Stack, 65, will transition to executive chairman and remain chief merchant, the company said. He took over the business from his dad, Dick Stack, in 1984, at age 29. He took the company public in 2002.

“This is the perfect time for this transition,” the outgoing CEO said in a statement. “We have the best management team in the company’s history, and the investments we have made in our people, our stores, and our communities are paying off.”

The announcement comes as Dick’s Sporting Goods continues to reap the benefits of consumers buying more workout gear, sporting goods and outdoor equipment during the coronavirus pandemic. Its e-commerce sales surged 95% during the third quarter, and it reported record quarterly same-store sales growth of more than 23%. The company also cited strength in the golf category.

Its shares were up 1.5% in premarket trading.

Here’s how Dick’s Sporting Goods did during its fiscal third quarter of 2020, compared with what analysts were expecting, based on Refinitiv data:

  • Earnings per share: $2.01 adjusted vs. $1.01 expected
  • Revenue: $2.41 billion vs. $2.23 billion expected
  • Same-store sales: Up 23.2% vs. growth of 14.1% expected by StreetAccount

For the quarter ended Oct. 31, Dick’s Sporting Goods’ net income grew to $177.2 million, or $1.84 a share, from $57.6 million, or 66 cents per share, a year earlier. Excluding one-time charges, the company earned $2.01 per share, better than the $1.01 expected by analysts.
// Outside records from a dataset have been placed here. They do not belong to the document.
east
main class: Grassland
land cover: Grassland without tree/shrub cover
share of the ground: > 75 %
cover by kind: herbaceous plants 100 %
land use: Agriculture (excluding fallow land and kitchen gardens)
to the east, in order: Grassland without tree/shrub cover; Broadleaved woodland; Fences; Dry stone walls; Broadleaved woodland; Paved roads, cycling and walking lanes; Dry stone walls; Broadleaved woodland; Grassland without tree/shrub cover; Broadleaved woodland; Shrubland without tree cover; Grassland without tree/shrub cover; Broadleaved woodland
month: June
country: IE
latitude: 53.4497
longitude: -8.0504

Net sales climbed roughly 23% to $2.41 billion from $1.96 billion a year earlier, better than the $2.23 billion forecast by analysts.
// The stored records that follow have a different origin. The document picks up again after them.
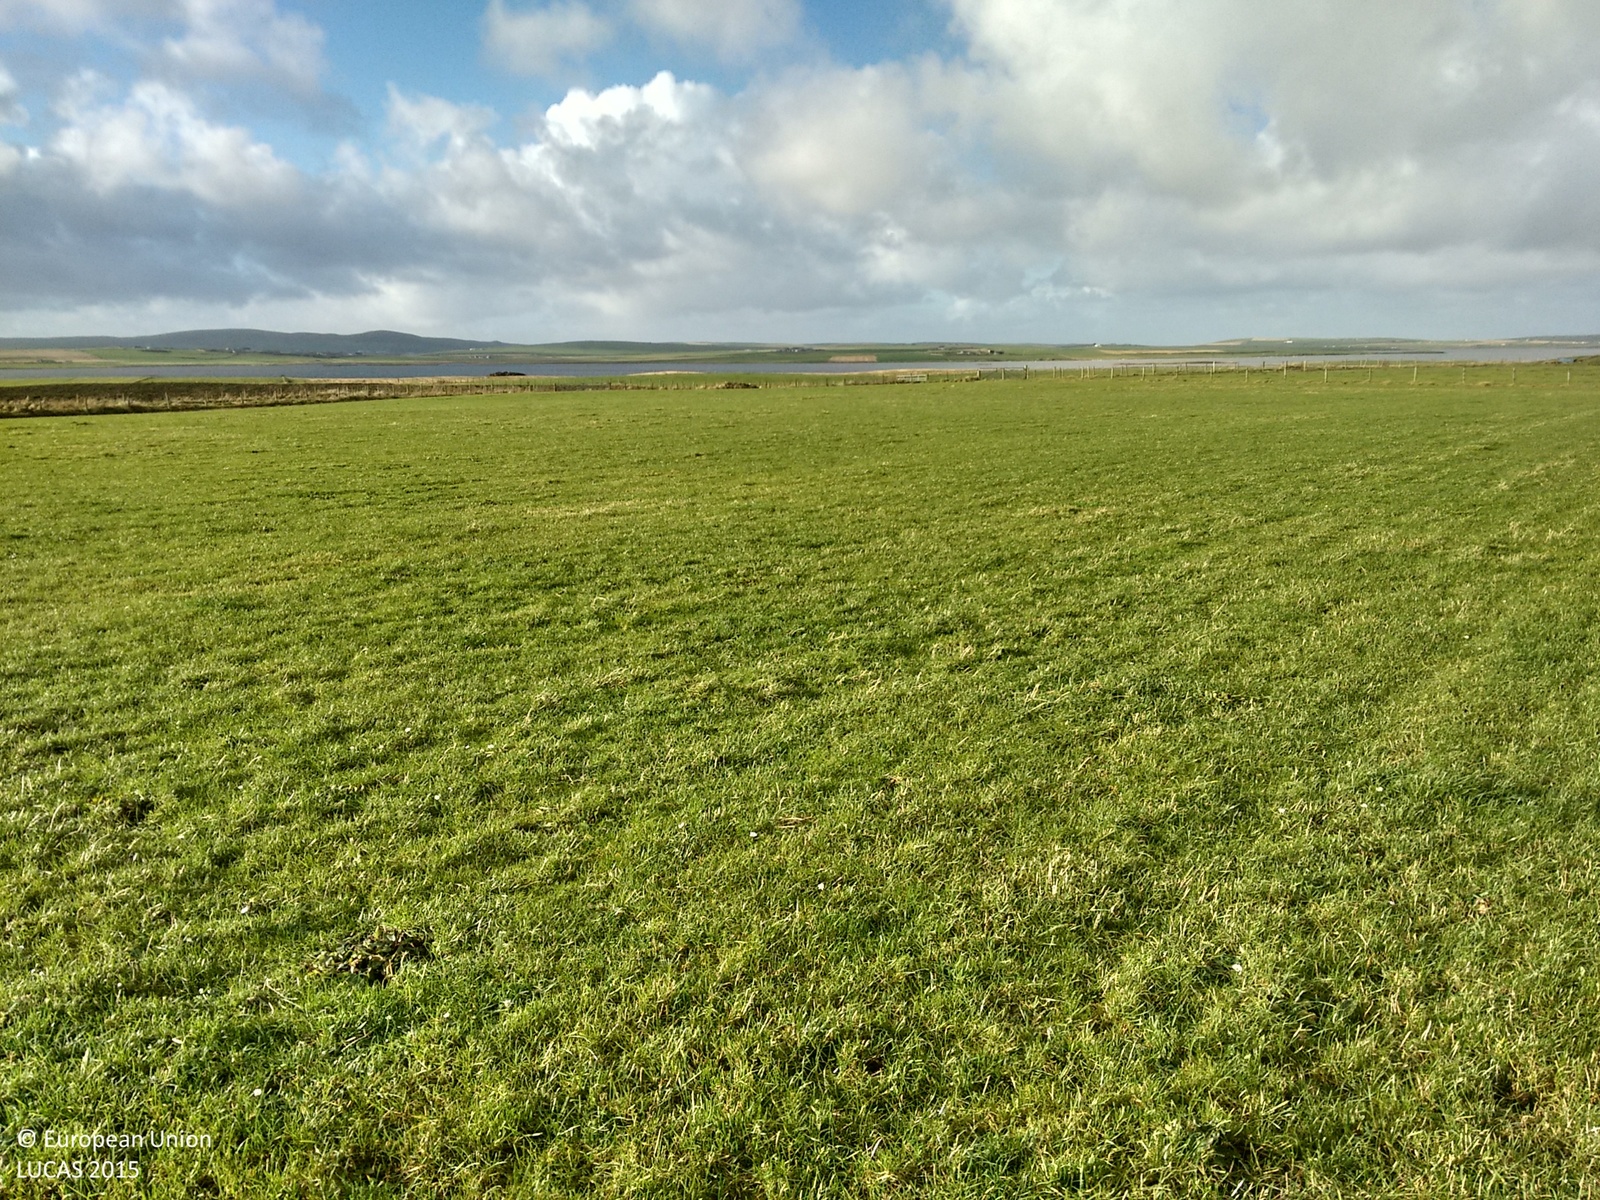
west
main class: Grassland
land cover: Grassland without tree/shrub cover
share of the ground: > 75 %
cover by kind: herbaceous plants 100 %
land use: Agriculture (excluding fallow land and kitchen gardens)
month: November
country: GB
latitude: 59.0256
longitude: -3.2083

The company said it is not offering an outlook for the remainder of the year due to the uncertainty stemming from the pandemic.

However, the company noted that, so far, “the favorable trends in our business have continued” into the fourth quarter. Through the first three weeks of the holiday quarter, it said same-store sales are up a high-teens percentage.

Dick’s Sporting Goods announced its current president, Lauren Hobart, is set to succeed Ed Stack as chief executive on Feb. 1, 2021.

Source: Dick’s Sporting Goods

Like other retailers, the company has seen its costs boosted by the pandemic. In the latest period, it incurred $48 million in costs for safety measures and additional employee compensation.

The focus for Dick’s Sporting Goods during the pandemic has been on driving sales online and encouraging shoppers to use its in-store pickup option for e-commerce purchases. During the third quarter, the company said its online sales accounted for about 21% of total net sales, up from 13% a year earlier.

Retailers are also getting better at using their stores and stock rooms to help fulfill online orders. Dick’s said its stores fulfilled about 70% of its digital purchases during the quarter.

These efforts and investments should continue as the 52-year-oldf Hobart takes the reins in early 2021.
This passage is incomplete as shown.